# WORK INSTRUCTIONS
Go through the records below line by line, counting those that contain the word "vertices"; answer with the count only.

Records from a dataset
____________________

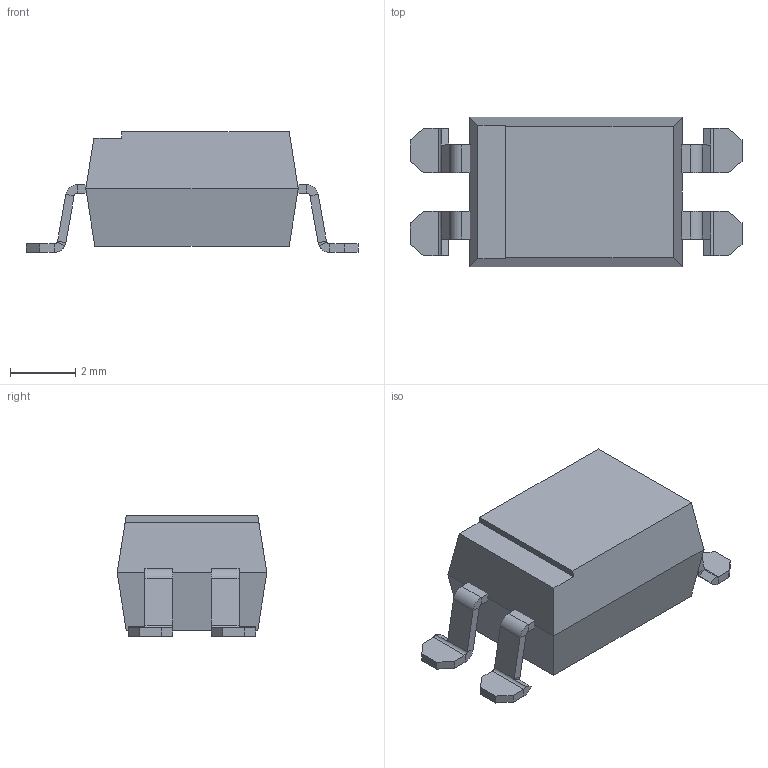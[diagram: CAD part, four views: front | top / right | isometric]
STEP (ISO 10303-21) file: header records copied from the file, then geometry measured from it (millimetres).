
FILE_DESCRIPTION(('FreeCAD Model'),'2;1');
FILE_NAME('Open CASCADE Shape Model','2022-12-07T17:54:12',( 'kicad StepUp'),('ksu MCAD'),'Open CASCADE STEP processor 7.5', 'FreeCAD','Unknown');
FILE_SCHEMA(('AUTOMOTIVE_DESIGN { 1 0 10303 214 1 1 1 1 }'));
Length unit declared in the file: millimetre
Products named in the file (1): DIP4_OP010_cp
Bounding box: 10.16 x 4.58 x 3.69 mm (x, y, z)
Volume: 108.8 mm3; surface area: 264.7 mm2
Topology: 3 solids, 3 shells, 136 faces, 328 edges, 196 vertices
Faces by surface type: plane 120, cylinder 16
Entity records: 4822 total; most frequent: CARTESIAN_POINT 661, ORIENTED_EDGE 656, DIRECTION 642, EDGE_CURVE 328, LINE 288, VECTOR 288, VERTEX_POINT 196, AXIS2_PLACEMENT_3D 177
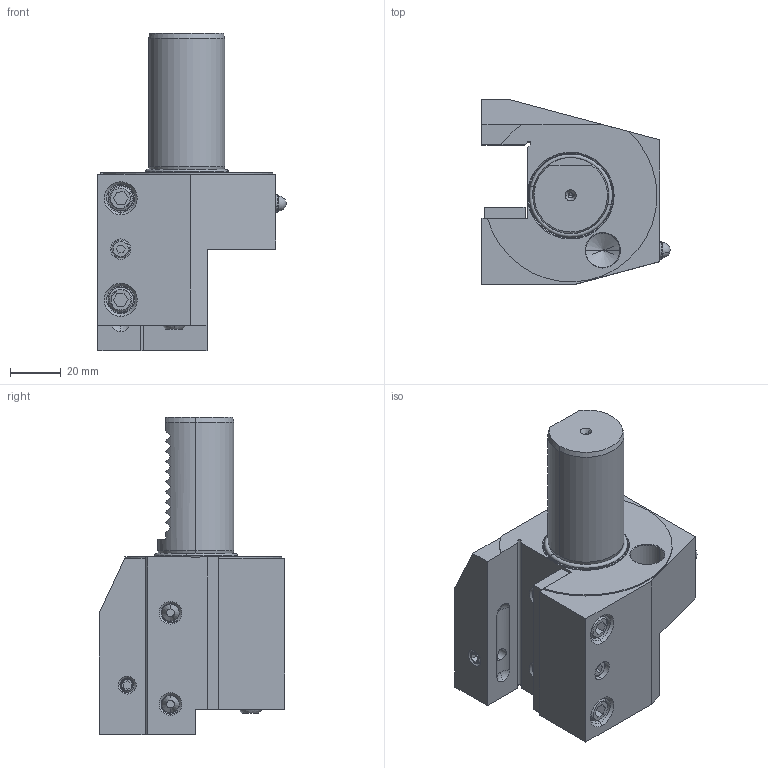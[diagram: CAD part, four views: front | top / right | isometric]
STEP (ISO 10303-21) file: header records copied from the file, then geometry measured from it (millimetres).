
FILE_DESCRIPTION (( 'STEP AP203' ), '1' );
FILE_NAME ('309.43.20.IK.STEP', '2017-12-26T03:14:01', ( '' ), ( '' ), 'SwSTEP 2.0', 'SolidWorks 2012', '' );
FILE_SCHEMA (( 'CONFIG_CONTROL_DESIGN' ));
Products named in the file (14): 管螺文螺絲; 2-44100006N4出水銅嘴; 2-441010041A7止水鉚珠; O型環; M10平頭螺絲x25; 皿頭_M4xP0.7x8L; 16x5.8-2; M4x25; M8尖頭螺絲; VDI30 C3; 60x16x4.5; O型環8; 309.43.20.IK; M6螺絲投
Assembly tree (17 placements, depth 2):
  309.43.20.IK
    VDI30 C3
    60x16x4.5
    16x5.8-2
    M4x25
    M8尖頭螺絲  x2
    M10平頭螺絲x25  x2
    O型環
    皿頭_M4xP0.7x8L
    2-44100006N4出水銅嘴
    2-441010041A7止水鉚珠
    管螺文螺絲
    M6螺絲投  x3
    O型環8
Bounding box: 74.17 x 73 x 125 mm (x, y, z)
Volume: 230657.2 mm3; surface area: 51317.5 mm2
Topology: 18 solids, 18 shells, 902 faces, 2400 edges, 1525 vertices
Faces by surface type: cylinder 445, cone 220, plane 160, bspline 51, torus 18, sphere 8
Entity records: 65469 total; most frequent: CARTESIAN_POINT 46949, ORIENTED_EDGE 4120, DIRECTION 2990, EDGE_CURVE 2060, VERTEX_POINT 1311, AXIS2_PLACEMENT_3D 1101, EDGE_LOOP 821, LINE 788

____________________

# RESULT OF THIS TASK
2